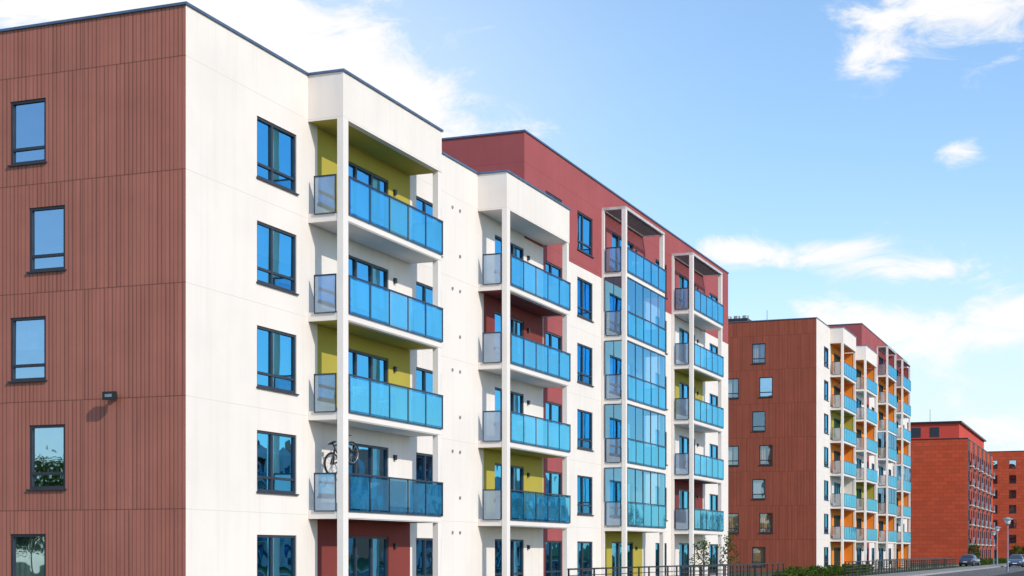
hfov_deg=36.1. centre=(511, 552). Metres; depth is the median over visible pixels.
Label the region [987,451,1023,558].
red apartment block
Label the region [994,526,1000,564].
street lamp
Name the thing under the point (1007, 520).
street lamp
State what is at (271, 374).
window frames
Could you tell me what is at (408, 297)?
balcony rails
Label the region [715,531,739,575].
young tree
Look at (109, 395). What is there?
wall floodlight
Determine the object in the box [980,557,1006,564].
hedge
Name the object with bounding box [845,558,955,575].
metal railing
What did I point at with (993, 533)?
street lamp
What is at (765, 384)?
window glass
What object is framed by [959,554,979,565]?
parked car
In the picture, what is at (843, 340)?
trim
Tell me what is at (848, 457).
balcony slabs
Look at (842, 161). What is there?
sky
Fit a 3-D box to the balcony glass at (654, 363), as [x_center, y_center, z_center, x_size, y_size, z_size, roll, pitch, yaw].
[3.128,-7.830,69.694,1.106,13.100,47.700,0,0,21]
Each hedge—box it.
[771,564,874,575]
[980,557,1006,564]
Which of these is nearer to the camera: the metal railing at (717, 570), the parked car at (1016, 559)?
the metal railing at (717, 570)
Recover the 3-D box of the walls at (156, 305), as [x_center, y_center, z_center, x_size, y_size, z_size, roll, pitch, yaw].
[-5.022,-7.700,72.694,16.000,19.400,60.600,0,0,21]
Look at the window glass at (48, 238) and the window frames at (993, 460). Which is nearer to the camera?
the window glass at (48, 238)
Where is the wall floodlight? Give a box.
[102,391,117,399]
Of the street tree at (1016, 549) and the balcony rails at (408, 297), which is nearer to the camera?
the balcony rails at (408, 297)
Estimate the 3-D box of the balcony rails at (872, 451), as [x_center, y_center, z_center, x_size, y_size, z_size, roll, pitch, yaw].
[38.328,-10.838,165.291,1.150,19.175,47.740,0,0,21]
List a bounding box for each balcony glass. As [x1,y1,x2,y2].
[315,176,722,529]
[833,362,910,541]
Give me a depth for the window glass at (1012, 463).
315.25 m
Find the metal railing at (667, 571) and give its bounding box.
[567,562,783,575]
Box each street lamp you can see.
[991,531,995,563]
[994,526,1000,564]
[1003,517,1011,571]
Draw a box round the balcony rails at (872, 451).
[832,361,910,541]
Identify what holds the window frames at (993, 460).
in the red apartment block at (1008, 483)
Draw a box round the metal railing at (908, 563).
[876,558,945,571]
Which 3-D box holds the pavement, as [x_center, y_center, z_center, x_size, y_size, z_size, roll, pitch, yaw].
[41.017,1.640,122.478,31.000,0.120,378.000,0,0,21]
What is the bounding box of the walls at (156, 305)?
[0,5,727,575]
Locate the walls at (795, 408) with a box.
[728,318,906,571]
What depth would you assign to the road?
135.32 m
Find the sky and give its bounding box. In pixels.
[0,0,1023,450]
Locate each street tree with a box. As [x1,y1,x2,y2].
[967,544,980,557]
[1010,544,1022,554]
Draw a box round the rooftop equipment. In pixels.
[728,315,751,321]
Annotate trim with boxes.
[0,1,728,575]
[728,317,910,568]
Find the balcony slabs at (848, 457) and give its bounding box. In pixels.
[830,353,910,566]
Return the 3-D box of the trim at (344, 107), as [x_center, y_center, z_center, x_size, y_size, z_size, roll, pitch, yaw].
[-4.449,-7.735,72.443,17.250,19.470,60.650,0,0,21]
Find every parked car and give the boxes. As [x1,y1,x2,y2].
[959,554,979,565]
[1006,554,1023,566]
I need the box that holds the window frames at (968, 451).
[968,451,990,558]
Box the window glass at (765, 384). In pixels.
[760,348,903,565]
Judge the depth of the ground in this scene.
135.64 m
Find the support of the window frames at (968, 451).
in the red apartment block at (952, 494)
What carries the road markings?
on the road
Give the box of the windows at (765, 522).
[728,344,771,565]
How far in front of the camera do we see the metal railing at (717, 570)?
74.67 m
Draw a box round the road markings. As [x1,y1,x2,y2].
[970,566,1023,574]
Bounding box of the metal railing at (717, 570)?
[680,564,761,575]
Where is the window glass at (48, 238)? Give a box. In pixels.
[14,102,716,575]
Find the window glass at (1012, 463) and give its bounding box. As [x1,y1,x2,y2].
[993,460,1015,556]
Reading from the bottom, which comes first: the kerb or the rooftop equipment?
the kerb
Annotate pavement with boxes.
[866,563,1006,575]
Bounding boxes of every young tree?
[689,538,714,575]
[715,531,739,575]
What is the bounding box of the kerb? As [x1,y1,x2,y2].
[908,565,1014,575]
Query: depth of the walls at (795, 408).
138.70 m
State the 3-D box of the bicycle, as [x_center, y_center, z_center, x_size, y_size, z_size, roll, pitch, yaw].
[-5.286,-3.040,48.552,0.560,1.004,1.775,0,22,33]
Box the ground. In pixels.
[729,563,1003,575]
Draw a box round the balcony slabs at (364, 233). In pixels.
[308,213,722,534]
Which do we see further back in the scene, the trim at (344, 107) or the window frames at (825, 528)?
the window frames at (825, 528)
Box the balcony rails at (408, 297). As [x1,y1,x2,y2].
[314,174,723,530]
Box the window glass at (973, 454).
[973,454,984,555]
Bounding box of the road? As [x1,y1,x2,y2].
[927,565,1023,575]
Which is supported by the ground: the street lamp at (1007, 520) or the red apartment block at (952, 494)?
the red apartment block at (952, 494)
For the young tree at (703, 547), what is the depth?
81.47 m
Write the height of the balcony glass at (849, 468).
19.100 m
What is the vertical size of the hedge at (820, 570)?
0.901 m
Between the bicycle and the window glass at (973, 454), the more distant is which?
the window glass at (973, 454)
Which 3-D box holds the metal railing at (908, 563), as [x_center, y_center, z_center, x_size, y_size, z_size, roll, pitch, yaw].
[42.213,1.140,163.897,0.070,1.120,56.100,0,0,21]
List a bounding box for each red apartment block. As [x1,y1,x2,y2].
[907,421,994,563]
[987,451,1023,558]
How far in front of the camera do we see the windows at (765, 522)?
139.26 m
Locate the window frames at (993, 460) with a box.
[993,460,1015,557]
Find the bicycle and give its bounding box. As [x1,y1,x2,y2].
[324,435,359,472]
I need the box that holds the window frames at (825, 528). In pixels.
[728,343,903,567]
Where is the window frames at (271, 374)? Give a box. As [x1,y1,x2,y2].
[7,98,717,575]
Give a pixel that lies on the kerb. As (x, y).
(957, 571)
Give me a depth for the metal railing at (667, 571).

Problem details:
An exact copy of every entry, pictures left out, is what to write here.

Result for this exercise:
hfov_deg=36.1. centre=(511, 552). Metres; depth is the median over visible pixels.
Label the region [987,451,1023,558].
red apartment block
Label the region [994,526,1000,564].
street lamp
Name the thing under the point (1007, 520).
street lamp
State what is at (271, 374).
window frames
Could you tell me what is at (408, 297)?
balcony rails
Label the region [715,531,739,575].
young tree
Look at (109, 395). What is there?
wall floodlight
Determine the object in the box [980,557,1006,564].
hedge
Name the object with bounding box [845,558,955,575].
metal railing
What did I point at with (993, 533)?
street lamp
What is at (765, 384)?
window glass
What object is framed by [959,554,979,565]?
parked car
In the picture, what is at (843, 340)?
trim
Tell me what is at (848, 457).
balcony slabs
Look at (842, 161). What is there?
sky
Fit a 3-D box to the balcony glass at (654, 363), as [x_center, y_center, z_center, x_size, y_size, z_size, roll, pitch, yaw].
[3.128,-7.830,69.694,1.106,13.100,47.700,0,0,21]
Each hedge—box it.
[771,564,874,575]
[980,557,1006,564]
Which of these is nearer to the camera: the metal railing at (717, 570), the parked car at (1016, 559)?
the metal railing at (717, 570)
Recover the 3-D box of the walls at (156, 305), as [x_center, y_center, z_center, x_size, y_size, z_size, roll, pitch, yaw].
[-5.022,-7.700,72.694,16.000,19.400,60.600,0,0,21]
Look at the window glass at (48, 238) and the window frames at (993, 460). Which is nearer to the camera?
the window glass at (48, 238)
Where is the wall floodlight? Give a box.
[102,391,117,399]
Of the street tree at (1016, 549) and the balcony rails at (408, 297), which is nearer to the camera?
the balcony rails at (408, 297)
Estimate the 3-D box of the balcony rails at (872, 451), as [x_center, y_center, z_center, x_size, y_size, z_size, roll, pitch, yaw].
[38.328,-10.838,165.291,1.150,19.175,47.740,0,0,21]
List a bounding box for each balcony glass. As [x1,y1,x2,y2].
[315,176,722,529]
[833,362,910,541]
Give me a depth for the window glass at (1012, 463).
315.25 m
Find the metal railing at (667, 571) and give its bounding box.
[567,562,783,575]
Box each street lamp you can see.
[991,531,995,563]
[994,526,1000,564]
[1003,517,1011,571]
Draw a box round the balcony rails at (872, 451).
[832,361,910,541]
Identify what holds the window frames at (993, 460).
in the red apartment block at (1008, 483)
Draw a box round the metal railing at (908, 563).
[876,558,945,571]
Which 3-D box holds the pavement, as [x_center, y_center, z_center, x_size, y_size, z_size, roll, pitch, yaw].
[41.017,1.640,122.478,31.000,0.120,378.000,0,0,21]
What is the bounding box of the walls at (156, 305)?
[0,5,727,575]
Locate the walls at (795, 408) with a box.
[728,318,906,571]
What depth would you assign to the road?
135.32 m
Find the sky and give its bounding box. In pixels.
[0,0,1023,450]
Locate each street tree with a box. As [x1,y1,x2,y2].
[967,544,980,557]
[1010,544,1022,554]
Draw a box round the rooftop equipment. In pixels.
[728,315,751,321]
Annotate trim with boxes.
[0,1,728,575]
[728,317,910,568]
Find the balcony slabs at (848, 457) and give its bounding box. In pixels.
[830,353,910,566]
Return the 3-D box of the trim at (344, 107), as [x_center, y_center, z_center, x_size, y_size, z_size, roll, pitch, yaw].
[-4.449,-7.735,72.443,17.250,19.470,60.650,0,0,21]
Find every parked car and give the boxes. As [x1,y1,x2,y2].
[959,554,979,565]
[1006,554,1023,566]
I need the box that holds the window frames at (968, 451).
[968,451,990,558]
Box the window glass at (765, 384). In pixels.
[760,348,903,565]
Judge the depth of the ground in this scene.
135.64 m
Find the support of the window frames at (968, 451).
in the red apartment block at (952, 494)
What carries the road markings?
on the road
Give the box of the windows at (765, 522).
[728,344,771,565]
How far in front of the camera do we see the metal railing at (717, 570)?
74.67 m
Draw a box round the road markings. As [x1,y1,x2,y2].
[970,566,1023,574]
Bounding box of the metal railing at (717, 570)?
[680,564,761,575]
Where is the window glass at (48, 238)? Give a box. In pixels.
[14,102,716,575]
Find the window glass at (1012, 463) and give its bounding box. As [x1,y1,x2,y2].
[993,460,1015,556]
Reading from the bottom, which comes first: the kerb or the rooftop equipment?
the kerb
Annotate pavement with boxes.
[866,563,1006,575]
Bounding boxes of every young tree?
[689,538,714,575]
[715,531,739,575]
What is the bounding box of the kerb? As [x1,y1,x2,y2].
[908,565,1014,575]
Query: depth of the walls at (795, 408).
138.70 m
State the 3-D box of the bicycle, as [x_center, y_center, z_center, x_size, y_size, z_size, roll, pitch, yaw].
[-5.286,-3.040,48.552,0.560,1.004,1.775,0,22,33]
Box the ground. In pixels.
[729,563,1003,575]
Draw a box round the balcony slabs at (364, 233). In pixels.
[308,213,722,534]
Which do we see further back in the scene, the trim at (344, 107) or the window frames at (825, 528)?
the window frames at (825, 528)
Box the balcony rails at (408, 297). As [x1,y1,x2,y2].
[314,174,723,530]
Box the window glass at (973, 454).
[973,454,984,555]
Bounding box of the road? As [x1,y1,x2,y2].
[927,565,1023,575]
Which is supported by the ground: the street lamp at (1007, 520) or the red apartment block at (952, 494)?
the red apartment block at (952, 494)
For the young tree at (703, 547), what is the depth?
81.47 m
Write the height of the balcony glass at (849, 468).
19.100 m
What is the vertical size of the hedge at (820, 570)?
0.901 m
Between the bicycle and the window glass at (973, 454), the more distant is which?
the window glass at (973, 454)
Which 3-D box holds the metal railing at (908, 563), as [x_center, y_center, z_center, x_size, y_size, z_size, roll, pitch, yaw].
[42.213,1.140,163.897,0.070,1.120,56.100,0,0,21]
List a bounding box for each red apartment block. As [x1,y1,x2,y2].
[907,421,994,563]
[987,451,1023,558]
How far in front of the camera do we see the windows at (765, 522)?
139.26 m
Locate the window frames at (993, 460) with a box.
[993,460,1015,557]
Find the bicycle and give its bounding box. As [x1,y1,x2,y2].
[324,435,359,472]
I need the box that holds the window frames at (825, 528). In pixels.
[728,343,903,567]
Where is the window frames at (271, 374)? Give a box. As [x1,y1,x2,y2].
[7,98,717,575]
Give a pixel that lies on the kerb. As (x, y).
(957, 571)
Give me a depth for the metal railing at (667, 571).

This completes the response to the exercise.